Goal #1. To maintain my weight (within two to three pounds). Period. Not for the next six months. Not for the next year. But for the rest of my life.

Goal #2. To continue my healthier lifestyle. No matter how hard it feels like it is sometimes.

Goal #3. To continue eating healthier foods, but to also realize it’s okay to eat treats once in awhile and not punish myself, get upset or feel guilty for doing so. I do need to have a life, right? Everyone needs a little ice cream or cake or cookies or whatever they feel like having sometimes.

Goal #4. To keep up with my exercise program. Strength training at least three days a week with cardio at least three times a week if not four, five or six times a week.

Goal #5. To run at least three 5Ks this year. I signed up for the Fargo 5k in May and will do the Lakes Area Humane Society one in September. I don’t have a third one set yet, but have several possibilities.

Goal #6. To keep going to my Weight Watcher meetings. Why? They give me the encouragement and strength to keep going. I LOVE MY MEETINGS….the people, the leader, the helpers, everyone.

Goal #7. To keep tracking my food or at least most of the time. I am learning that it’s okay if I miss one day of logging. It’s not going to kill me or make me fat overnight!

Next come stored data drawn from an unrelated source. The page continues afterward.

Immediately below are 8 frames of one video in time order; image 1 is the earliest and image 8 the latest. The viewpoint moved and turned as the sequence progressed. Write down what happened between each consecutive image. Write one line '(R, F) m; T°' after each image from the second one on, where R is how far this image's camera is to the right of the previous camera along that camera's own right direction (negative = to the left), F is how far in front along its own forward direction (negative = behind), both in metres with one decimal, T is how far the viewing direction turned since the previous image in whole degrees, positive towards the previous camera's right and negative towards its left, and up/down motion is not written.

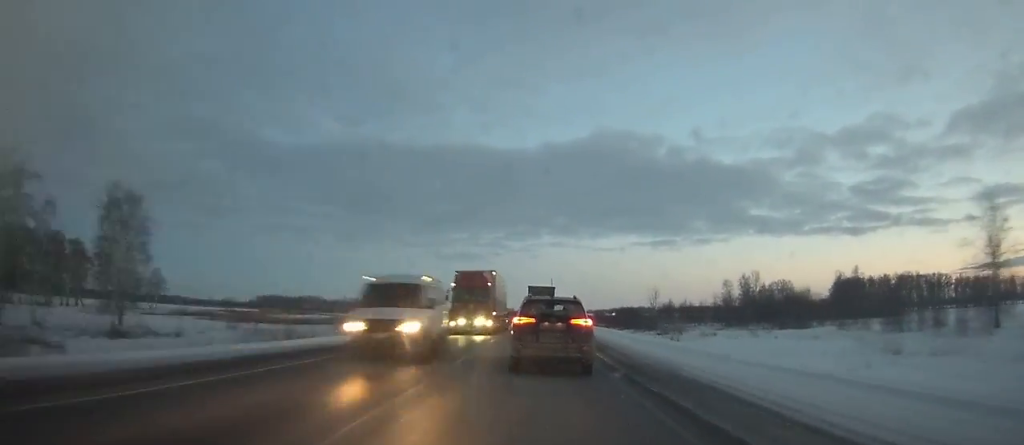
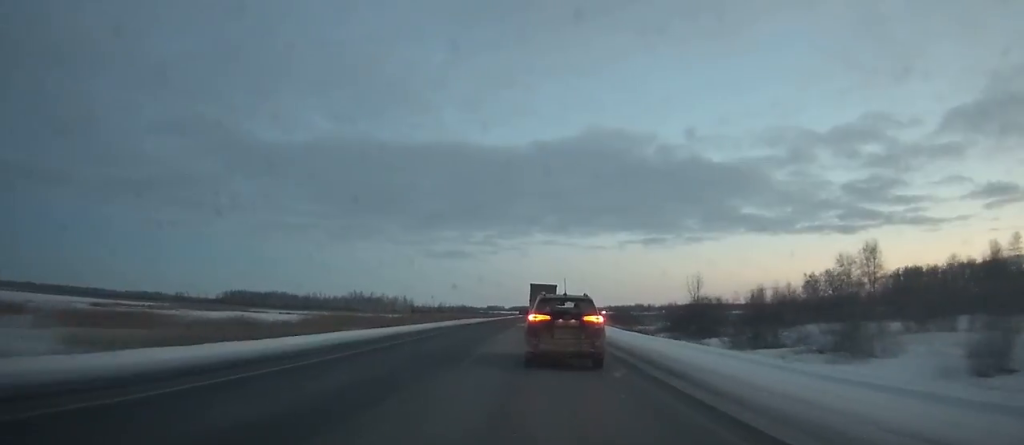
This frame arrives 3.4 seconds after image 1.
(+0.1, +60.3) m; +1°
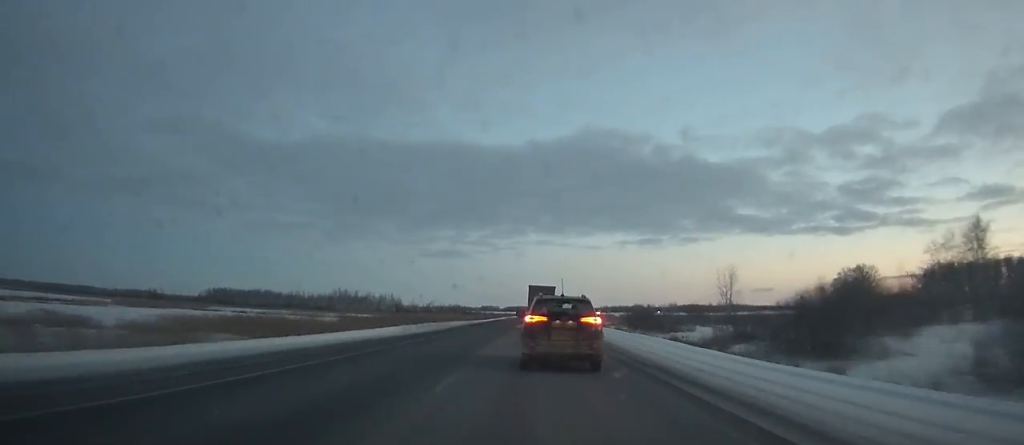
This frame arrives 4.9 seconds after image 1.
(0.0, +27.0) m; +1°
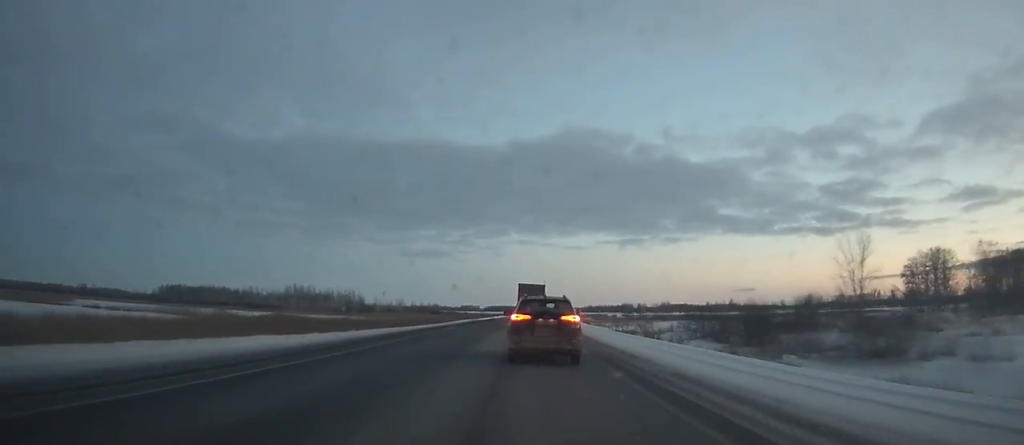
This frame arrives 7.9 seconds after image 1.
(+0.6, +54.6) m; +2°
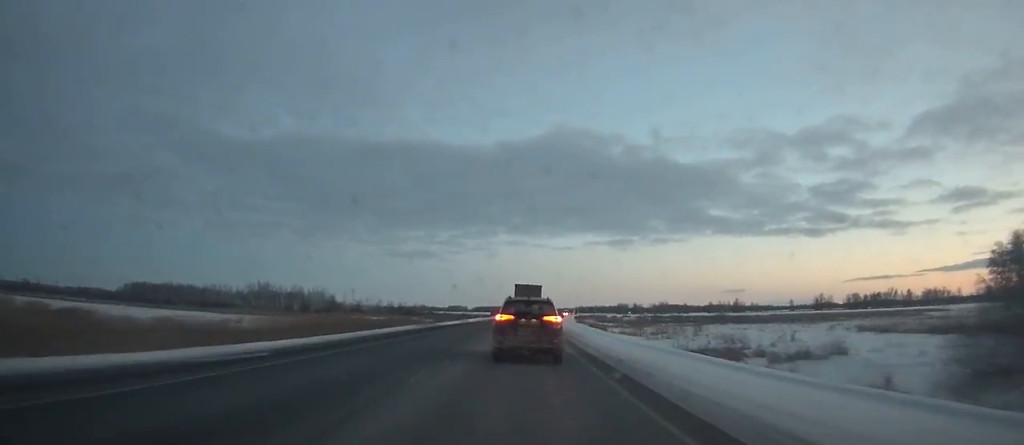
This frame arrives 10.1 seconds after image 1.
(+0.7, +40.5) m; +1°
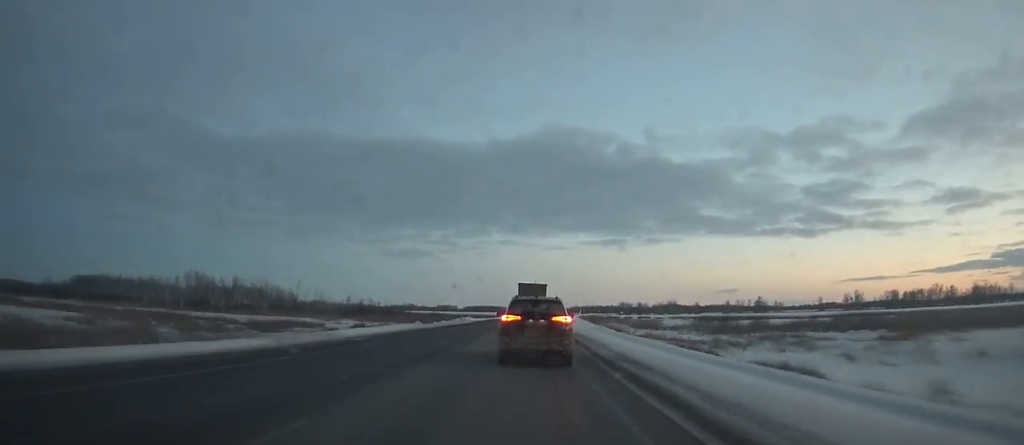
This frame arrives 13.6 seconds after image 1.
(+0.7, +64.7) m; +1°
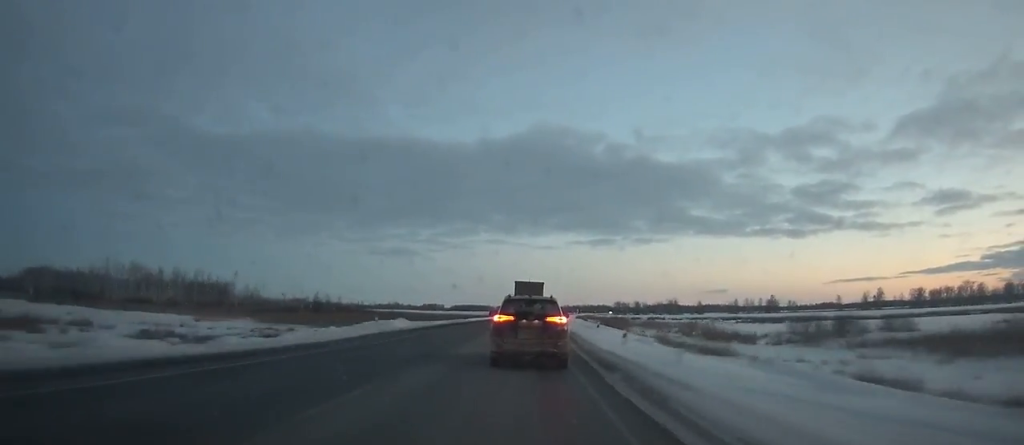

Goal #8. To go rollerskating at least three times this year.

Goal #9. To get right back on the horse if I slip up a couple of days. If I falter one day, that doesn’t give me a reason to give up. I just have to keep going. What is in the past is in the past and what happens in the future is what matters.

Goal #10. To keep blogging in hopes that maybe, just maybe, I can give other people the encouragement or push or whatever it is they may need to start their own journey to a healthier lifestyle.

I wish everyone a happy and joyous New Year.

What constitutes as exercise?

As a Weight Watchers member, I not only get to log the food I eat, but I also get to log my activity. I use up points for the food I eat, but I gain points with the activities I do, such as walking, running, biking or lifting weights.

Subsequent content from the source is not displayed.